_Work task_. Transcribe every record as it stands and set the images aside.

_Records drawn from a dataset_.

=== Section Start ===

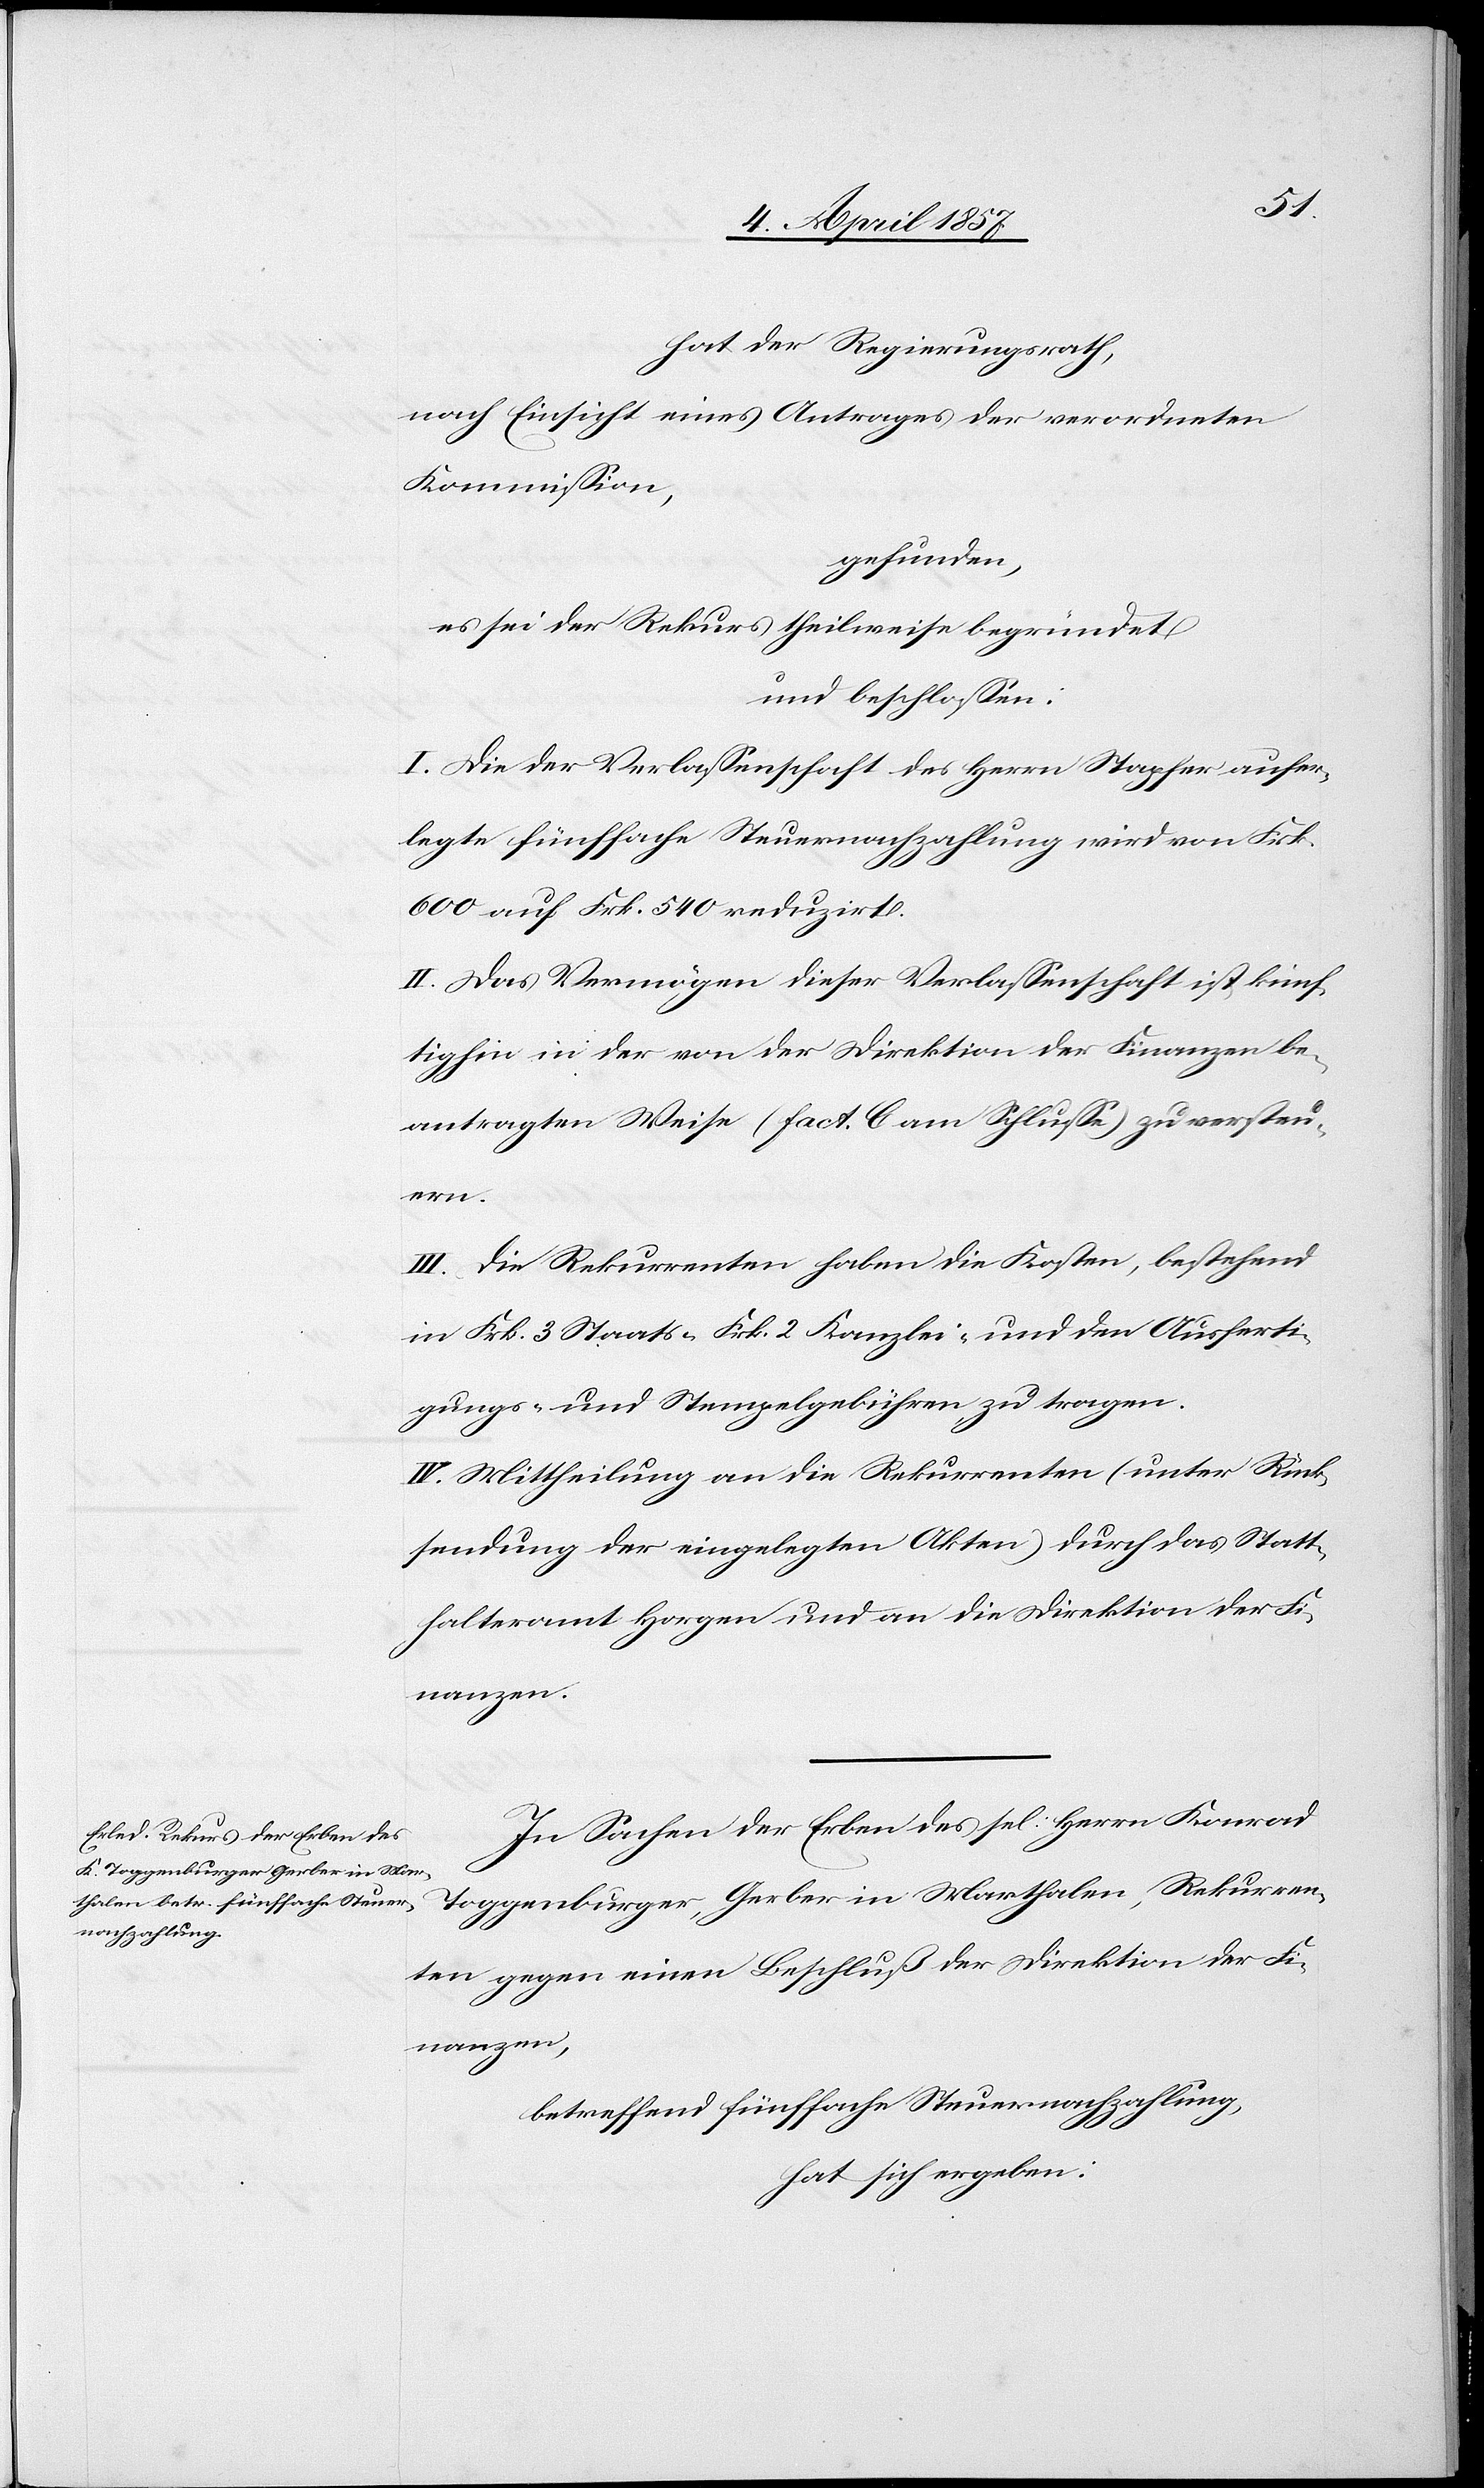
hat der Regierungsrath,
nach Einsicht eines Antrages der verordneten
Kommission,
gefunden,
es sei der Rekurs theilweise begründet
und beschlossen:
I. Die der Verlassenschaft des Herrn Stapfer aufer¬
legte fünffache Steuernachzahlung wird von Frk.
600 auf Frk. 540 reduzirt.
II. Das Vermögen dieser Verlassenschaft ist künf¬
tighin in der von der Direktion der Finanzen be¬
antragten Weise (fact. C am Schlusse) zu versteu¬
ern.
III. Die Rekurrenten haben die Kosten, bestehend
in Frk. 3 Staats-[,] Frk. 2 Kanzlei- und den Ausferti¬
gungs- und Stempelgebühren zu tragen.
IV. Mittheilung an die Rekurrenten (unter Rück¬
sendung der eingelegten Akten) durch das Statt¬
halteramt Horgen und an die Direktion der Fi¬
nanzen.
In Sachen der Erben des sel: Herrn Konrad
Toggenburger, Gerber in Marthalen, Rekurren¬
ten gegen einen Beschluß der Direktion der Fi¬
nanzen,
betreffend fünffache Steuernachzahlung,
hat sich ergeben:
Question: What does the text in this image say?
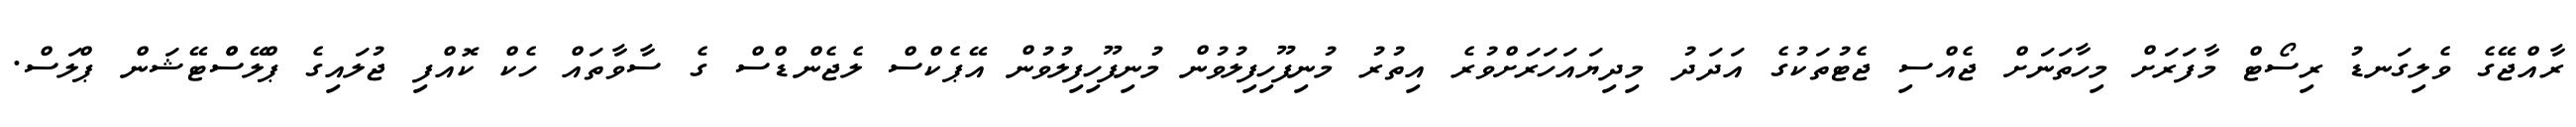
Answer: ރާއްޖޭގެ ވެލިގަނޑު ރިސޯޓް މާފަރަށް މިހާތަނަށް ޖެއްސި ޖެޓުތަކުގެ އަދަދު މިދިޔައަހަރަށްވުރެ އިތުރު މުނިފޫހިފިލުވުން މުނިފޫހިފިލުވުން އޭޕެކްސް ލެޖެންޑްސް ގެ ސާވާތައް ހެކް ކޮއްފި ޖުލައިގެ ޕްލޭސްްޓޭޝަން ޕްލަސް.
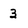
Character: 3

=== Section End ===

_Exercise output_.
hat der Regierungsrath,
nach Einsicht eines Antrages der verordneten
Kommission,
gefunden,
es sei der Rekurs theilweise begründet
und beschlossen:
I. Die der Verlassenschaft des Herrn Stapfer aufer¬
legte fünffache Steuernachzahlung wird von Frk.
600 auf Frk. 540 reduzirt.
II. Das Vermögen dieser Verlassenschaft ist künf¬
tighin in der von der Direktion der Finanzen be¬
antragten Weise (fact. C am Schlusse) zu versteu¬
ern.
III. Die Rekurrenten haben die Kosten, bestehend
in Frk. 3 Staats-[,] Frk. 2 Kanzlei- und den Ausferti¬
gungs- und Stempelgebühren zu tragen.
IV. Mittheilung an die Rekurrenten (unter Rück¬
sendung der eingelegten Akten) durch das Statt¬
halteramt Horgen und an die Direktion der Fi¬
nanzen.
In Sachen der Erben des sel: Herrn Konrad
Toggenburger, Gerber in Marthalen, Rekurren¬
ten gegen einen Beschluß der Direktion der Fi¬
nanzen,
betreffend fünffache Steuernachzahlung,
hat sich ergeben:
Question: What does the text in this image say?
Answer: ރާއްޖޭގެ ވެލިގަނޑު ރިސޯޓް މާފަރަށް މިހާތަނަށް ޖެއްސި ޖެޓުތަކުގެ އަދަދު މިދިޔައަހަރަށްވުރެ އިތުރު މުނިފޫހިފިލުވުން މުނިފޫހިފިލުވުން އޭޕެކްސް ލެޖެންޑްސް ގެ ސާވާތައް ހެކް ކޮއްފި ޖުލައިގެ ޕްލޭސްްޓޭޝަން ޕްލަސް.
Character: 3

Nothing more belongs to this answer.